CDAP - FI.2018.0209 - 2019-02-05 - A._____ et B._____ /Administration cantonale des impôts, Office d'impôt des districts de Lausanne et Ouest lausannois

5 février 2019Français10 min

Source vd.ch

Faits

Vu les faits suivants:

A.

A.________ et B.________ sont mariés et domiciliés au ********. Ils sont

actionnaires des sociétés C.________ et D.________.

B.

Le 28 juillet 2014, l'Office d'impôt des districts de Lausanne et Ouest

lausannois (ci-après: l'Office d'impôt) a rendu une décision de taxation

relative à l'impôt cantonal et communal et à l'impôt fédéral direct pour la

période fiscale 2012 sur la base de la déclaration d'impôt produite par les

époux. Cette décision est entrée en force.

C.

Le 22 décembre 2015, A.________ et B.________ se sont adressés à

l'Office d'impôt, par le biais de leur conseil, en les termes suivants:

"Madame, Monsieur,

En qualité de mandataire de nos clients susmentionnés, nous

avons bien reçu la taxation 2013 datée du 25 novembre 2015 et nous vous en

remercions.

Conformément à la taxation d'impôt 2013 (participations

qualifiées), nous vous prions de trouver ci-joint l'annexe 1 rectifiée correspondant

aux participations qualifiées de la déclaration 2014. En effet, l'abattement de

30% n'avait pas été pris en compte dans la déclaration envoyée le 15 juillet

2015.

Concernant la taxation d'impôts 2012, nous avons constaté que

l'abattement de 30% des participations qualifiées n'a pas été effectué. Nous

vous prions de bien vouloir faire le nécessaire et de prendre en compte

l'abattement de 30%.

[…]"

Par courrier du 5 janvier 2016, l'Office d'impôt a

accusé réception de la réclamation du 22 décembre 2015 contestant la décision

de taxation du 28 juillet 2014 pour la période fiscale 2012 et a informé les

intéressés que celle-ci paraissait irrecevable en raison de sa tardiveté. Un

délai leur a été imparti pour faire valoir leurs observations.

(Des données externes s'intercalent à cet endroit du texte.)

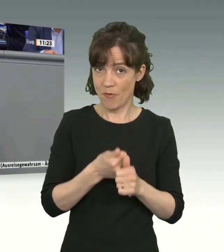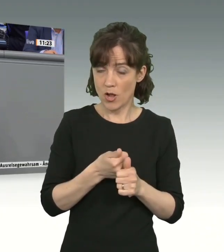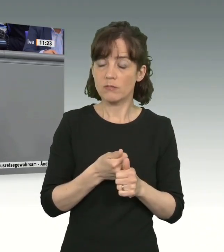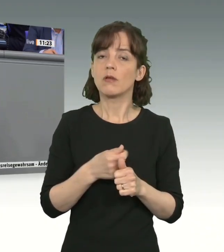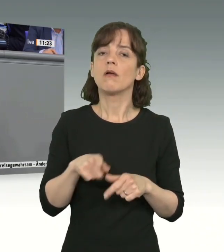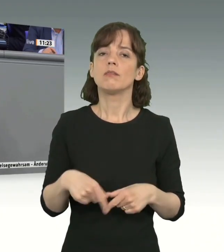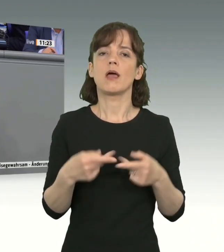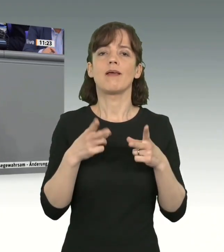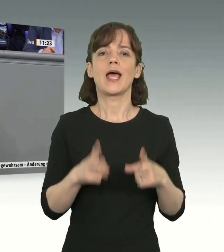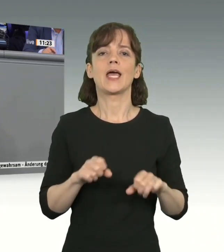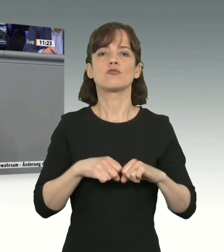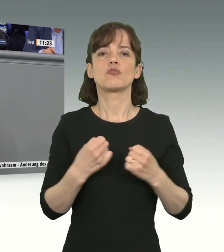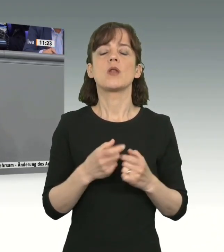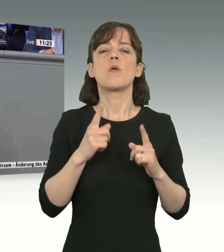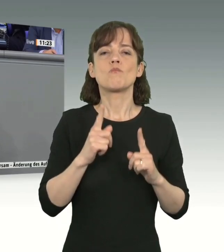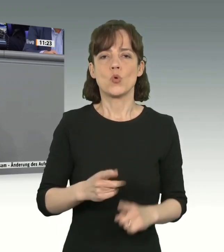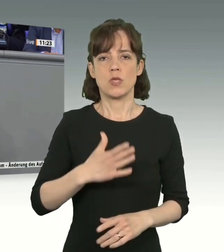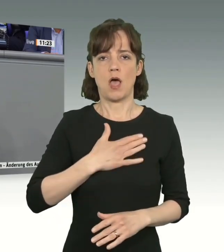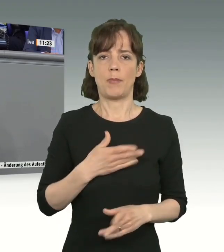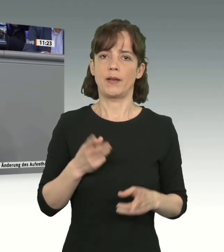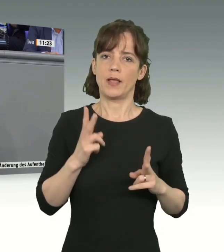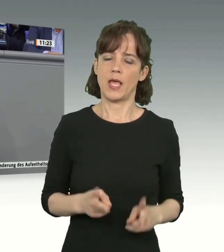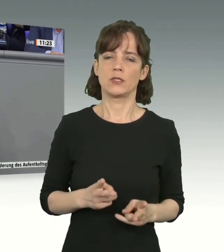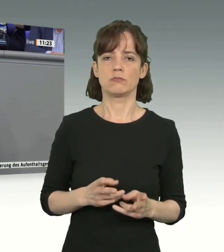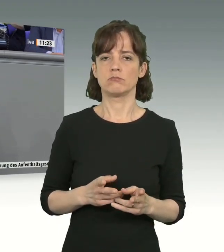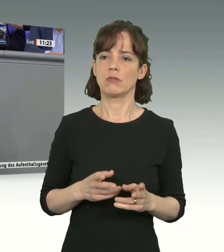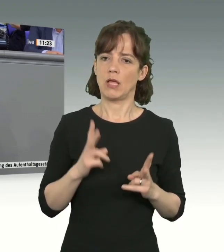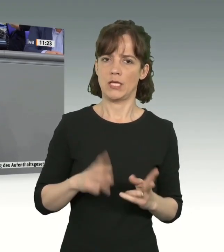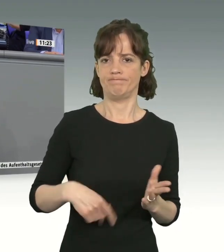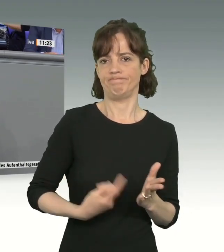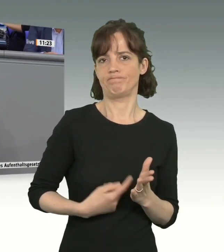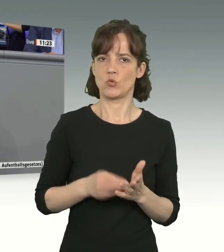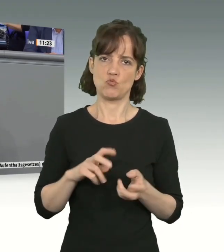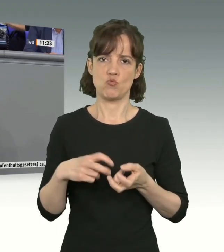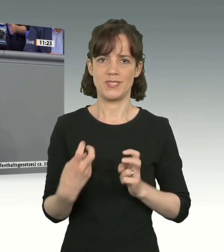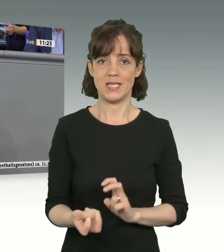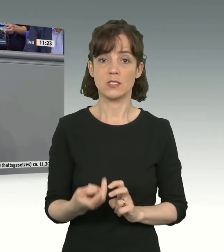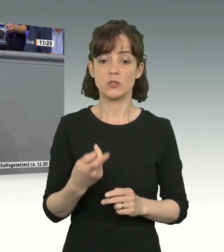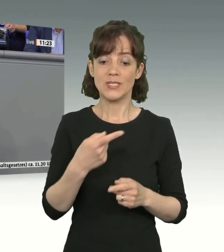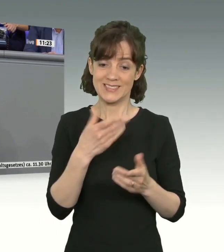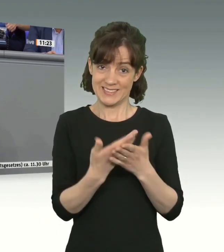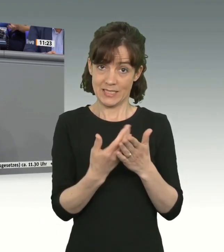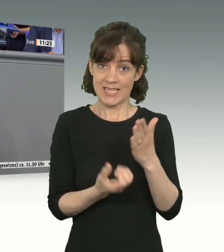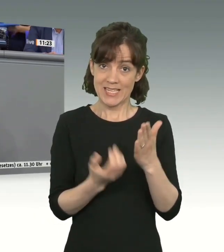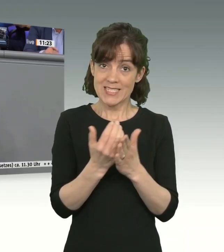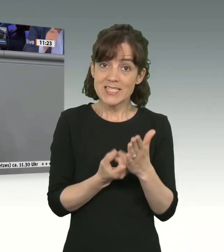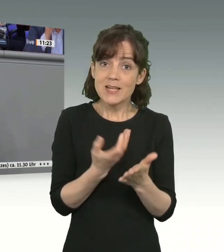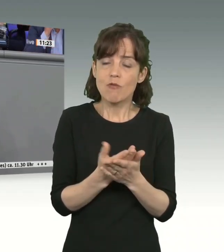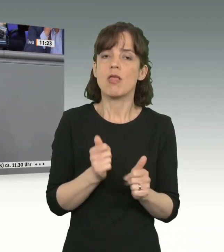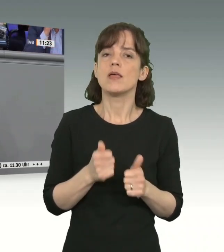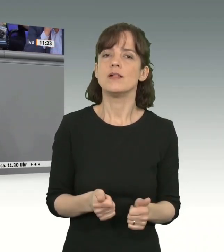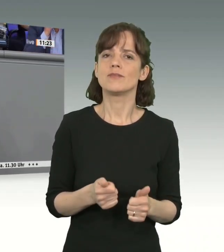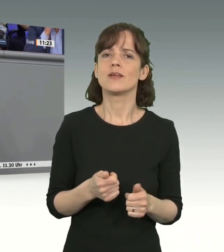Rechtsstaat das Recht auch durchsetzen. Und genau dabei hilft dieser Gesetzentwurf. Es geht hier nicht darum,

Le 27 janvier 2016, A.________ et B.________ ont informé

l'Office d'impôt qu'ils maintenaient leur réclamation. Bien que le délai pour contester

la décision de taxation ait été dépassé, ils ont soutenu que l'abattement de

30% des participations qualifiées avait été effectué d'office par l'autorité

fiscale dans sa décision de taxation concernant la période fiscale 2013 et

qu'il devrait en aller de même concernant la période fiscale 2012.

Le 21 mars 2016, le mandataire des époux a été

entendu dans les locaux de l'Office d'impôt.

Le 5 avril 2016, A.________ et B.________ ont

réaffirmé le maintien de leur réclamation.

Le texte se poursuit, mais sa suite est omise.